§ What you need to do
The response should be the records below, repeated exactly, with each picture left out.

──────── Input for this task

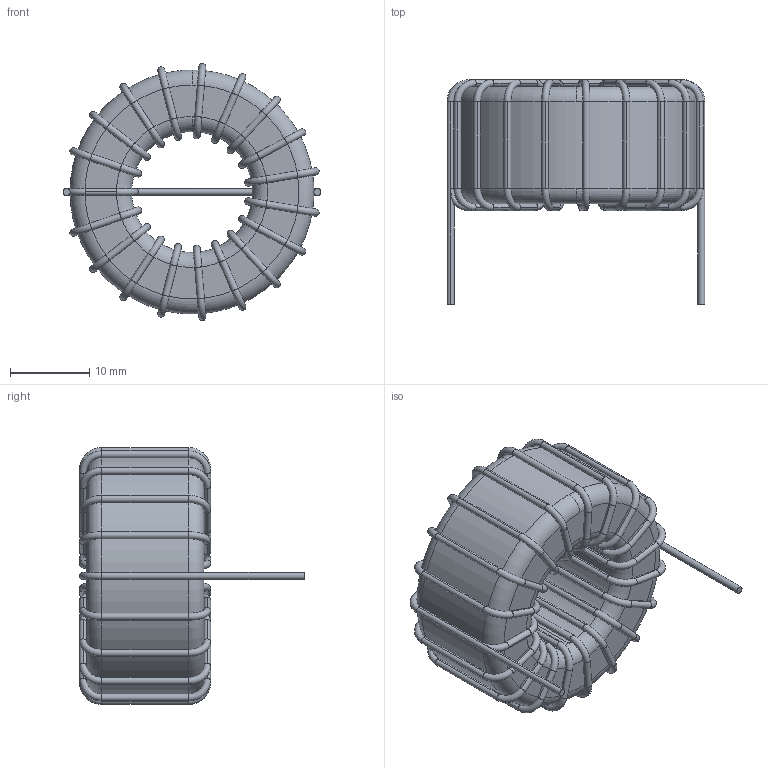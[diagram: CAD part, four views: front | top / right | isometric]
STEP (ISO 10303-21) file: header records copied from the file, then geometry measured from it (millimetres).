
FILE_DESCRIPTION (( 'STEP AP214' ), '1' );
FILE_NAME ('User Library-toroid_2200LL-102-RC.STEP', '2014-01-20T02:42:45', ( 'Windows User' ), ( '' ), 'SwSTEP 2.0', 'SolidWorks 2014', '' );
FILE_SCHEMA (( 'AUTOMOTIVE_DESIGN' ));
Length unit declared in the file: inch
Products named in the file (1): User Library-toroid_2200LL-102-RC
Bounding box: 32.54 x 28.36 x 32.43 mm (x, y, z)
Volume: 8645.3 mm3; surface area: 5221.6 mm2
Topology: 1 solids, 1 shells, 465 faces, 1243 edges, 776 vertices
Faces by surface type: cylinder 266, torus 158, plane 41
Entity records: 22766 total; most frequent: CARTESIAN_POINT 5190, ORIENTED_EDGE 2486, DIRECTION 2483, EDGE_CURVE 1243, AXIS2_PLACEMENT_3D 1087, VERTEX_POINT 776, CIRCLE 621, LENGTH_MEASURE_WITH_UNIT 468

────────────────

§ Result of the exercise
[diagram: CAD part, four views: front | top / right | isometric]
STEP (ISO 10303-21) file: header records copied from the file, then geometry measured from it (millimetres).
FILE_DESCRIPTION (( 'STEP AP214' ), '1' );
FILE_NAME ('User Library-toroid_2200LL-102-RC.STEP', '2014-01-20T02:42:45', ( 'Windows User' ), ( '' ), 'SwSTEP 2.0', 'SolidWorks 2014', '' );
FILE_SCHEMA (( 'AUTOMOTIVE_DESIGN' ));
Length unit declared in the file: inch
Products named in the file (1): User Library-toroid_2200LL-102-RC
Bounding box: 32.54 x 28.36 x 32.43 mm (x, y, z)
Volume: 8645.3 mm3; surface area: 5221.6 mm2
Topology: 1 solids, 1 shells, 465 faces, 1243 edges, 776 vertices
Faces by surface type: cylinder 266, torus 158, plane 41
Entity records: 22766 total; most frequent: CARTESIAN_POINT 5190, ORIENTED_EDGE 2486, DIRECTION 2483, EDGE_CURVE 1243, AXIS2_PLACEMENT_3D 1087, VERTEX_POINT 776, CIRCLE 621, LENGTH_MEASURE_WITH_UNIT 468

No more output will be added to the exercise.